PROMPT
With the pictures omitted, transcribe each line below exactly as it is.

DATA FOR THE TASK
[Start of section]

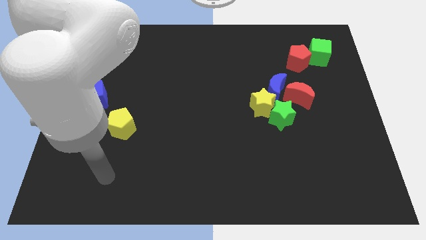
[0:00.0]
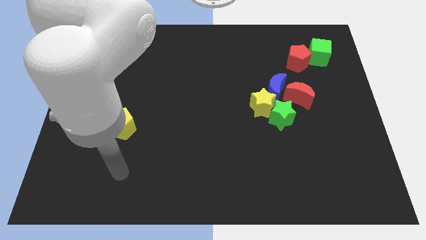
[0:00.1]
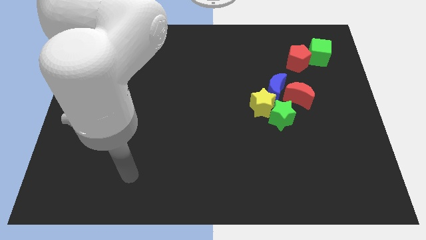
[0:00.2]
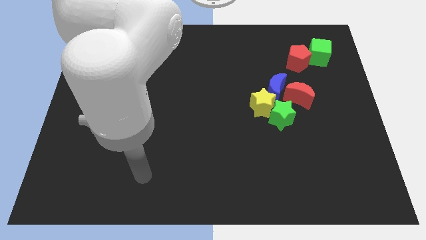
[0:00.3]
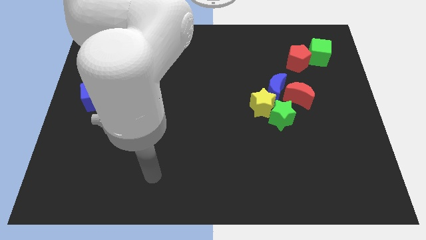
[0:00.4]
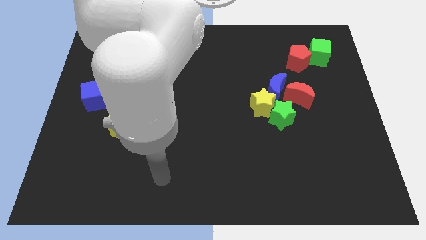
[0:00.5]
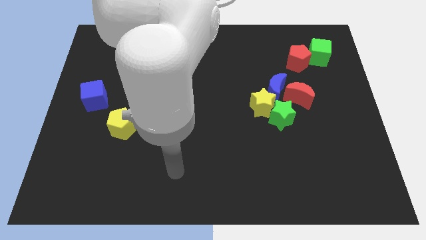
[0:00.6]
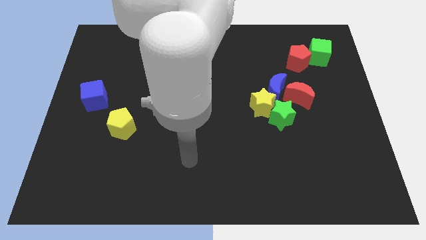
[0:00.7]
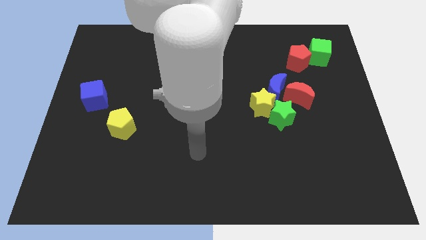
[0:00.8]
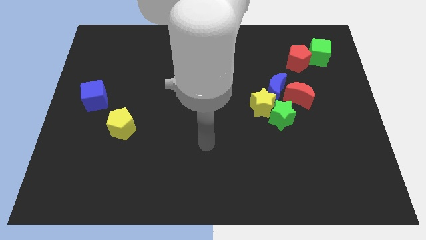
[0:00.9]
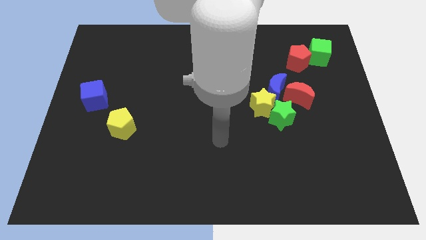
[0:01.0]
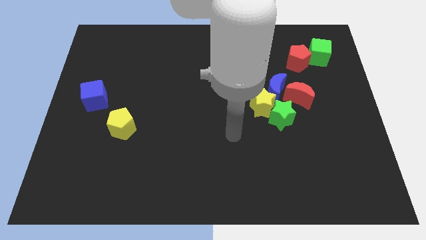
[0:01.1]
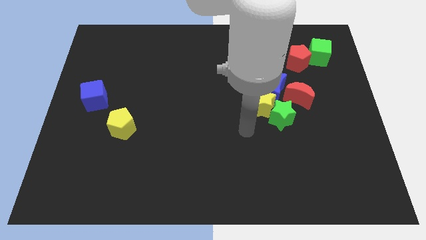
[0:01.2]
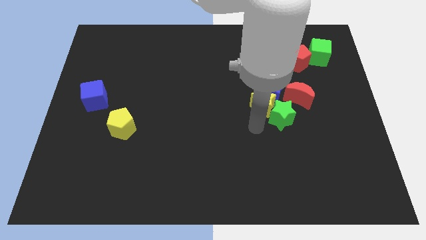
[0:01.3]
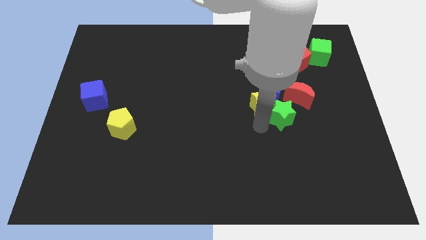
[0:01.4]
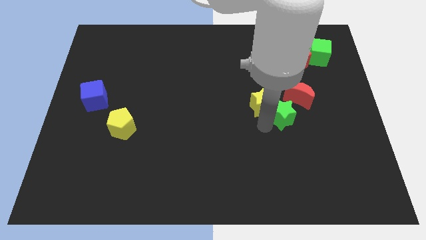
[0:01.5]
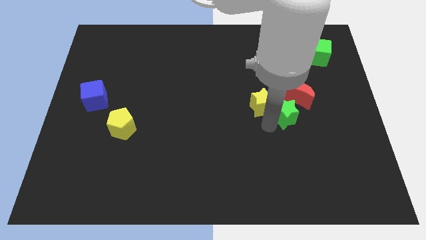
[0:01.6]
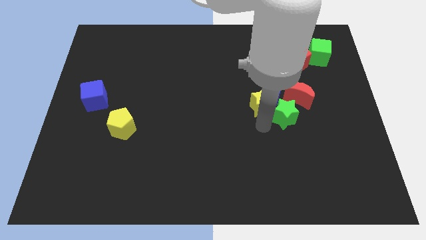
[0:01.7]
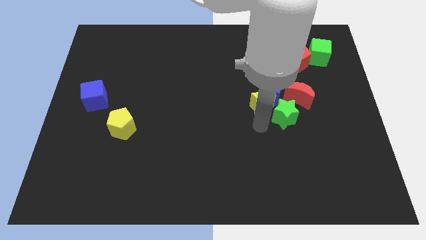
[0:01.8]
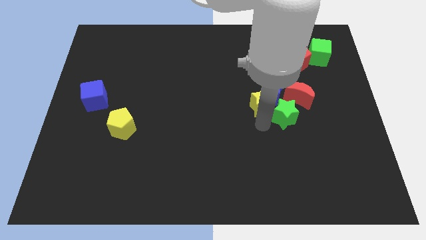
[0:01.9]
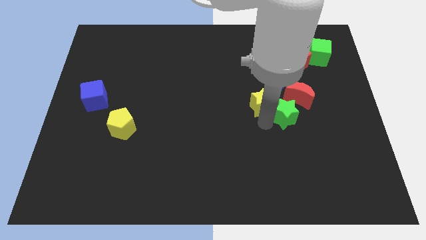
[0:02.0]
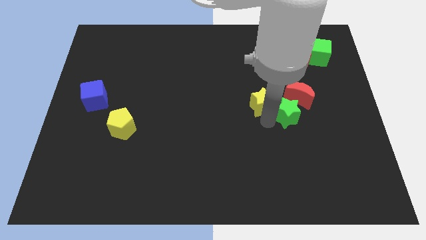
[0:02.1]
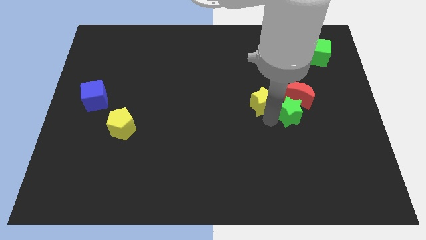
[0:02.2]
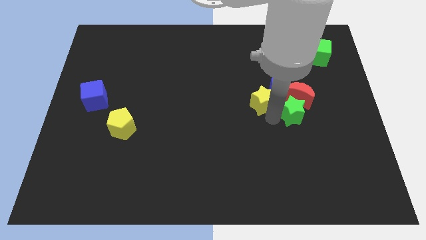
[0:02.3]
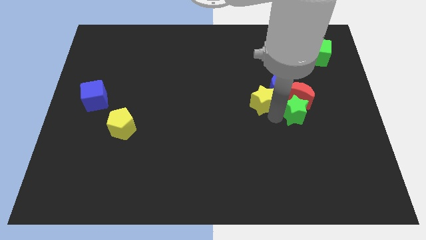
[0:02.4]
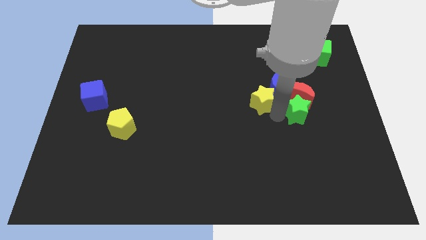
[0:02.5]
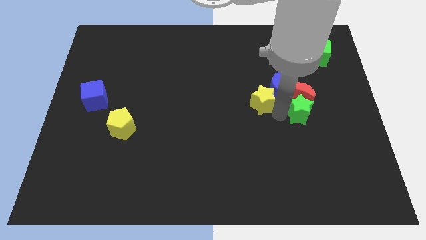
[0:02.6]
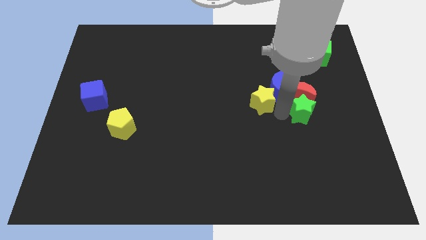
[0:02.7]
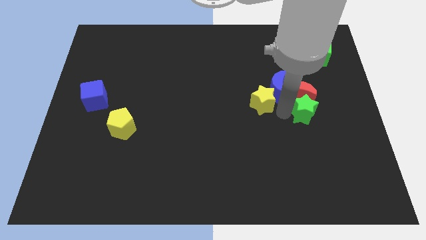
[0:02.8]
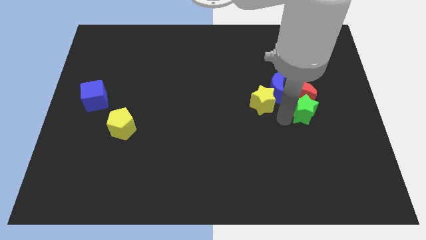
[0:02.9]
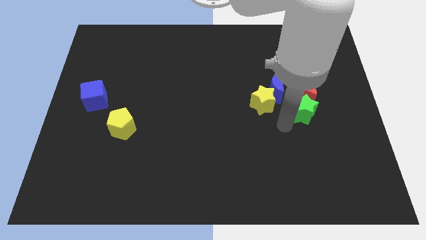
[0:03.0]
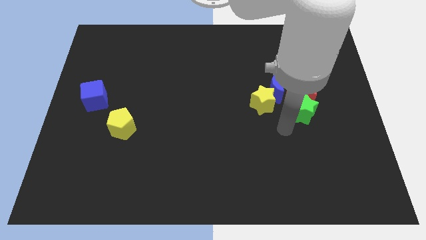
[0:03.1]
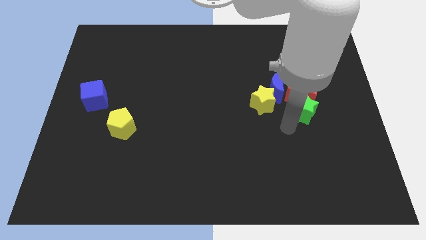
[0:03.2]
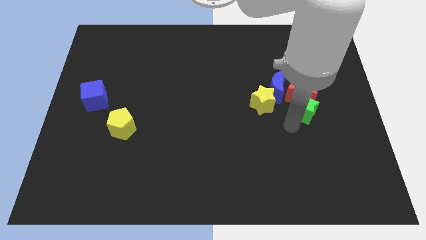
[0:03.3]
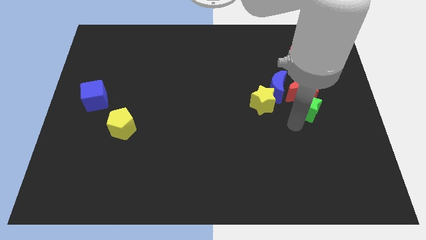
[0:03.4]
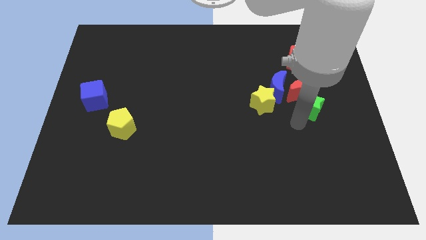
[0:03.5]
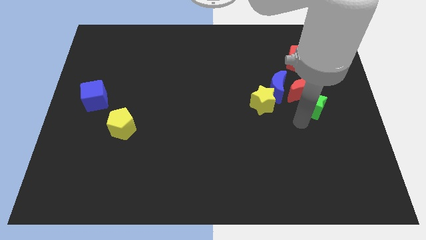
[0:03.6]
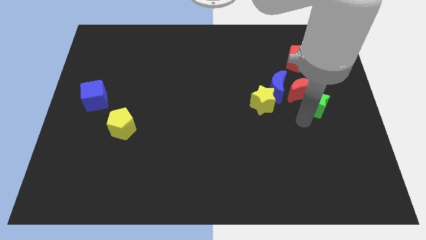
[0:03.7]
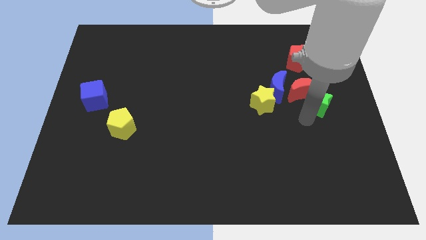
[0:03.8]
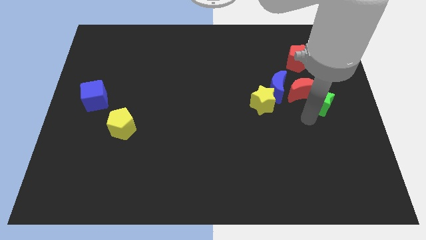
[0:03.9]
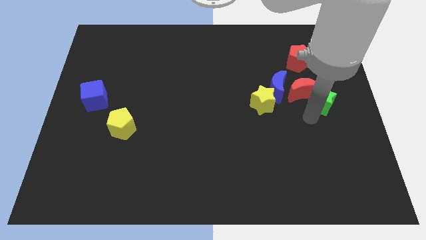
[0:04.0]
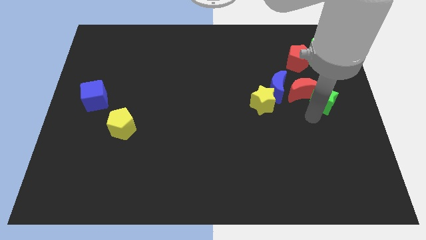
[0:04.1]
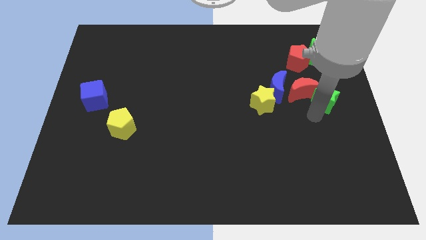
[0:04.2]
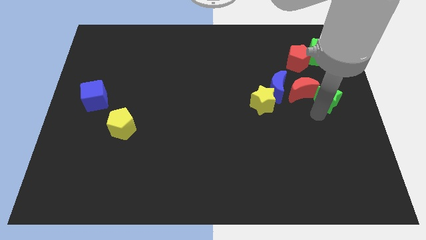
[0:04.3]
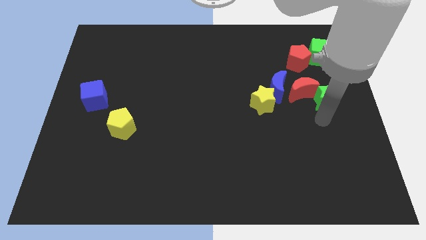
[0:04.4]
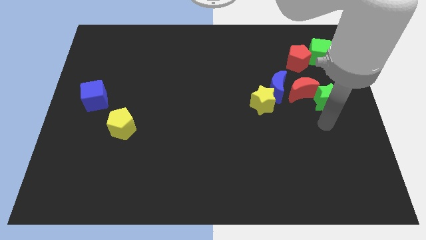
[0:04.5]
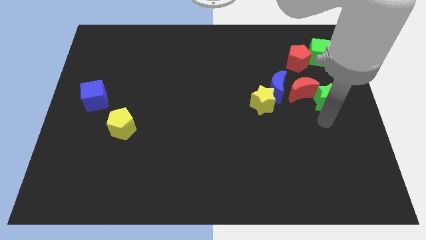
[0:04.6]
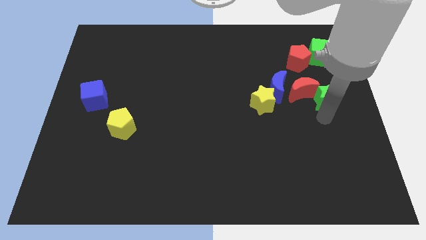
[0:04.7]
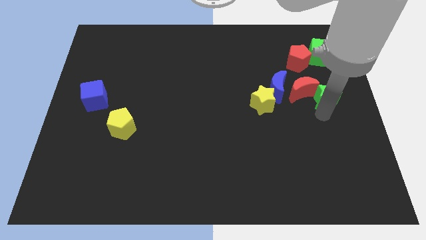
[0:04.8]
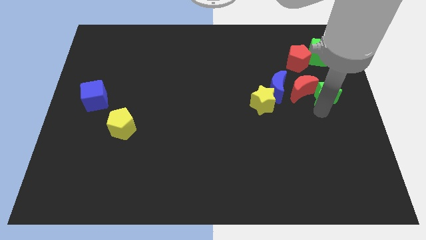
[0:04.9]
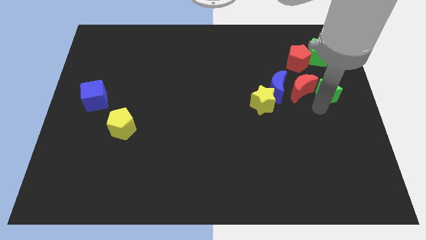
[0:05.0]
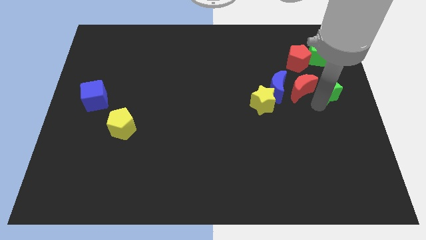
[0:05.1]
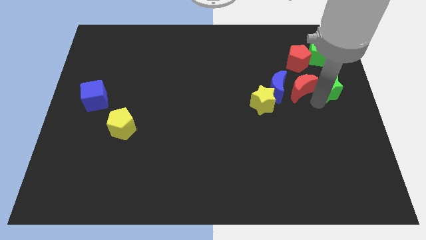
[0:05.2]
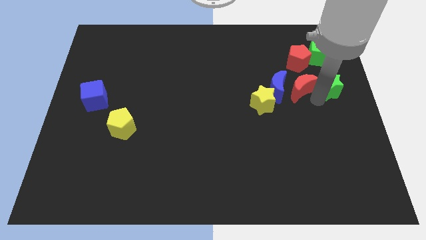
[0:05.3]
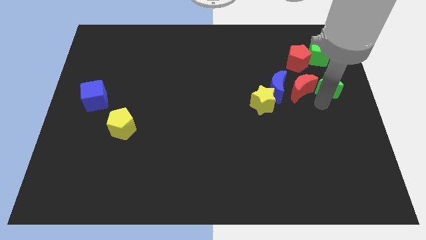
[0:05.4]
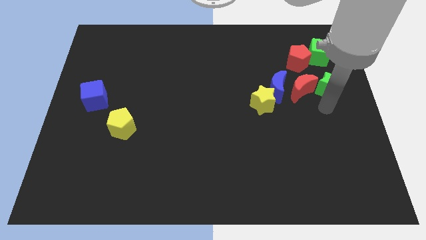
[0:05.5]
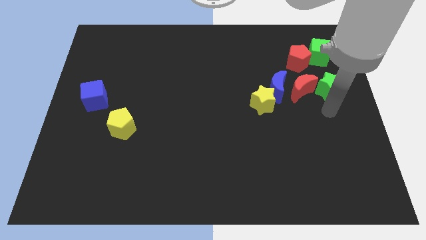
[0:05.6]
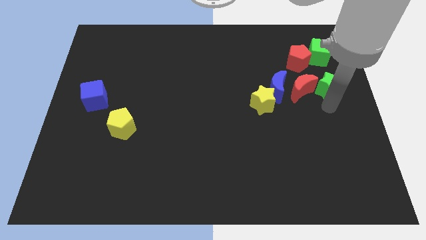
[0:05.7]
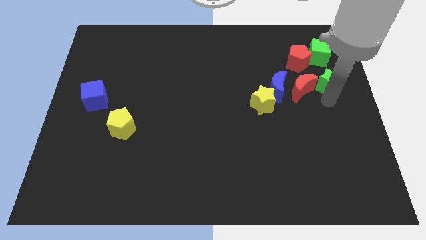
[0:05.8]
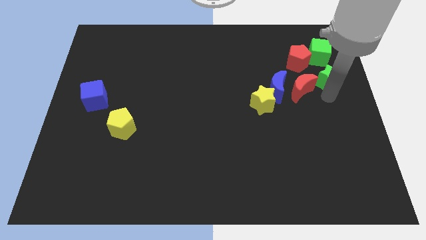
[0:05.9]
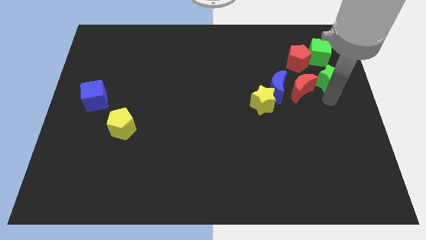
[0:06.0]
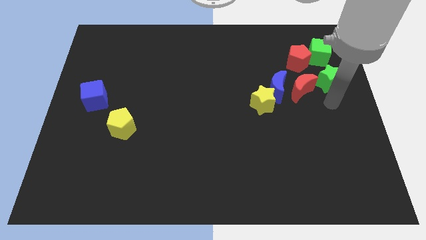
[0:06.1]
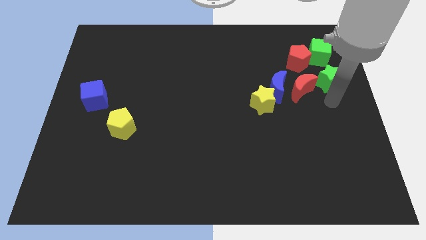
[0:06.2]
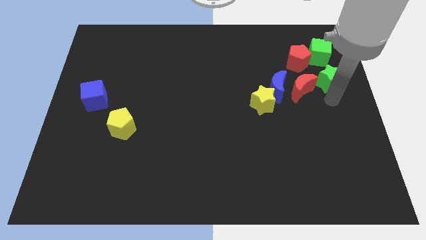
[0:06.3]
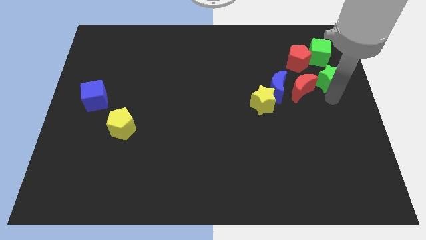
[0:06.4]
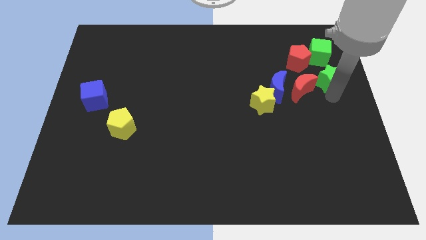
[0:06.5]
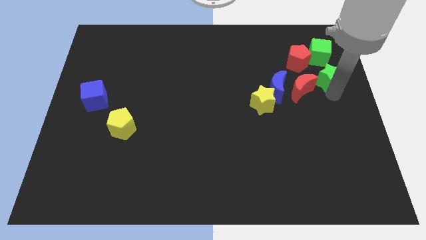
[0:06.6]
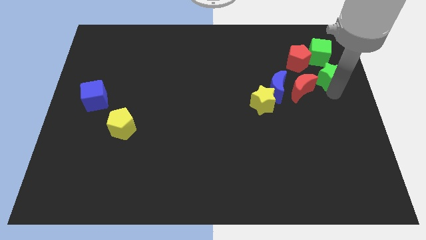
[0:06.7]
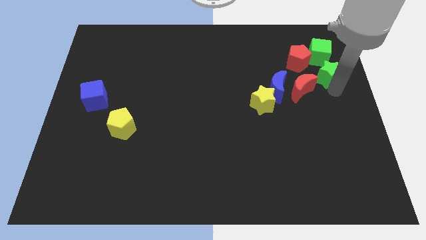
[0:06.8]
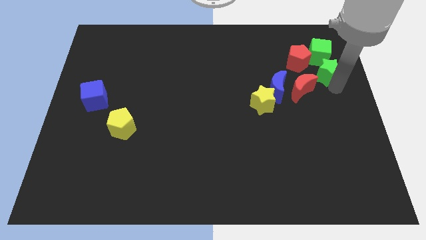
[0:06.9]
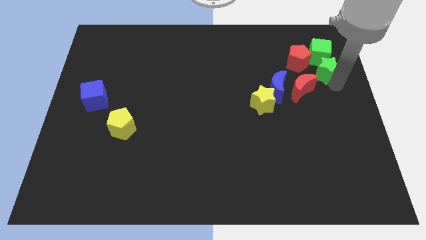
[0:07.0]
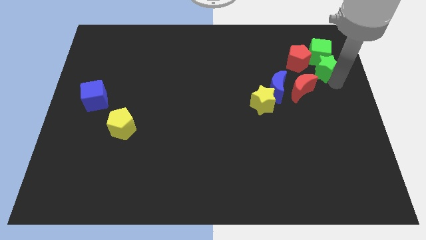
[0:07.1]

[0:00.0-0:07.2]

[End of section]

RESPONSE AREA
[0:00.0]
[0:00.1]
[0:00.2]
[0:00.3]
[0:00.4]
[0:00.5]
[0:00.6]
[0:00.7]
[0:00.8]
[0:00.9]
[0:01.0]
[0:01.1]
[0:01.2]
[0:01.3]
[0:01.4]
[0:01.5]
[0:01.6]
[0:01.7]
[0:01.8]
[0:01.9]
[0:02.0]
[0:02.1]
[0:02.2]
[0:02.3]
[0:02.4]
[0:02.5]
[0:02.6]
[0:02.7]
[0:02.8]
[0:02.9]
[0:03.0]
[0:03.1]
[0:03.2]
[0:03.3]
[0:03.4]
[0:03.5]
[0:03.6]
[0:03.7]
[0:03.8]
[0:03.9]
[0:04.0]
[0:04.1]
[0:04.2]
[0:04.3]
[0:04.4]
[0:04.5]
[0:04.6]
[0:04.7]
[0:04.8]
[0:04.9]
[0:05.0]
[0:05.1]
[0:05.2]
[0:05.3]
[0:05.4]
[0:05.5]
[0:05.6]
[0:05.7]
[0:05.8]
[0:05.9]
[0:06.0]
[0:06.1]
[0:06.2]
[0:06.3]
[0:06.4]
[0:06.5]
[0:06.6]
[0:06.7]
[0:06.8]
[0:06.9]
[0:07.0]
[0:07.1]

[0:00.0-0:07.2]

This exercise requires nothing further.